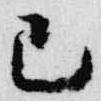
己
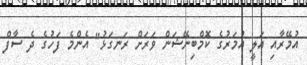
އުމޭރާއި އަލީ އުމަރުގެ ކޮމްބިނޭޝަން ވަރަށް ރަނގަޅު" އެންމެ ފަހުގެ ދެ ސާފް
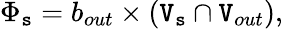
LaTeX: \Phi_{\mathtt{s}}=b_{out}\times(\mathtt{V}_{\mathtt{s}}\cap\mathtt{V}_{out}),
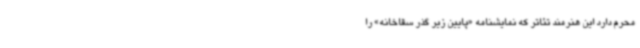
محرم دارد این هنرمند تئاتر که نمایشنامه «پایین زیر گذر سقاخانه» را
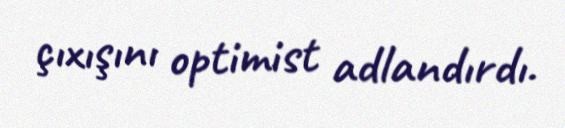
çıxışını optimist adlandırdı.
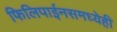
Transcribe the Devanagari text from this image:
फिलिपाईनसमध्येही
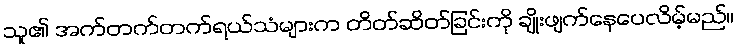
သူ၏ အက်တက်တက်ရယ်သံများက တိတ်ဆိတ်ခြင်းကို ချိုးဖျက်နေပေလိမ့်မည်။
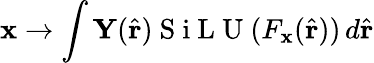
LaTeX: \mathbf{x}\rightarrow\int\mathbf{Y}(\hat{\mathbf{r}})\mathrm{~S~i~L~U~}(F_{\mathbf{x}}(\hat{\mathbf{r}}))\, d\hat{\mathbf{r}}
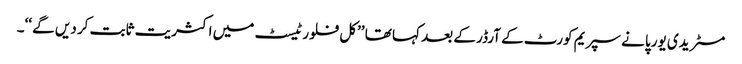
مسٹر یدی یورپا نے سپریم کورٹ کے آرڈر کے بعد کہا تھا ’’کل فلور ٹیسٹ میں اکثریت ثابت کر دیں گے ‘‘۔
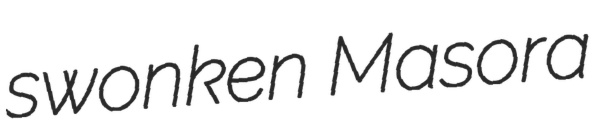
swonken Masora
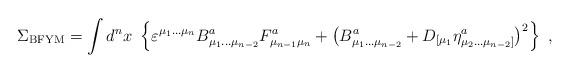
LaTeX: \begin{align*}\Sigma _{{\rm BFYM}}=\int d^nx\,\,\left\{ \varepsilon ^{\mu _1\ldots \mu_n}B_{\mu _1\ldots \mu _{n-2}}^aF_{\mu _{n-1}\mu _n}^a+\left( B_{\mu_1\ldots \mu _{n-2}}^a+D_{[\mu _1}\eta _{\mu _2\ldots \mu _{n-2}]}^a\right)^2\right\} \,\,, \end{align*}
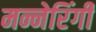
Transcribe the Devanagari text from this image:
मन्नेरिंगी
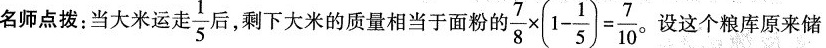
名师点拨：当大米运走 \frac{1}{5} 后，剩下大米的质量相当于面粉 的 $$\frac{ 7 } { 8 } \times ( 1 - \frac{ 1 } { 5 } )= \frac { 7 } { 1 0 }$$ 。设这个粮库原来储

:: What the exercise asks ::
Give back, exactly as written, the lines from the top of the material through the line with "swonken Masora", ends included and pictures left aside.

:: Completed exercise ::
己
އުމޭރާއި އަލީ އުމަރުގެ ކޮމްބިނޭޝަން ވަރަށް ރަނގަޅު" އެންމެ ފަހުގެ ދެ ސާފް
LaTeX: \Phi_{\mathtt{s}}=b_{out}\times(\mathtt{V}_{\mathtt{s}}\cap\mathtt{V}_{out}),
محرم دارد این هنرمند تئاتر که نمایشنامه «پایین زیر گذر سقاخانه» را
çıxışını optimist adlandırdı.
Transcribe the Devanagari text from this image:
फिलिपाईनसमध्येही
သူ၏ အက်တက်တက်ရယ်သံများက တိတ်ဆိတ်ခြင်းကို ချိုးဖျက်နေပေလိမ့်မည်။
LaTeX: \mathbf{x}\rightarrow\int\mathbf{Y}(\hat{\mathbf{r}})\mathrm{~S~i~L~U~}(F_{\mathbf{x}}(\hat{\mathbf{r}}))\, d\hat{\mathbf{r}}
مسٹر یدی یورپا نے سپریم کورٹ کے آرڈر کے بعد کہا تھا ’’کل فلور ٹیسٹ میں اکثریت ثابت کر دیں گے ‘‘۔
swonken Masora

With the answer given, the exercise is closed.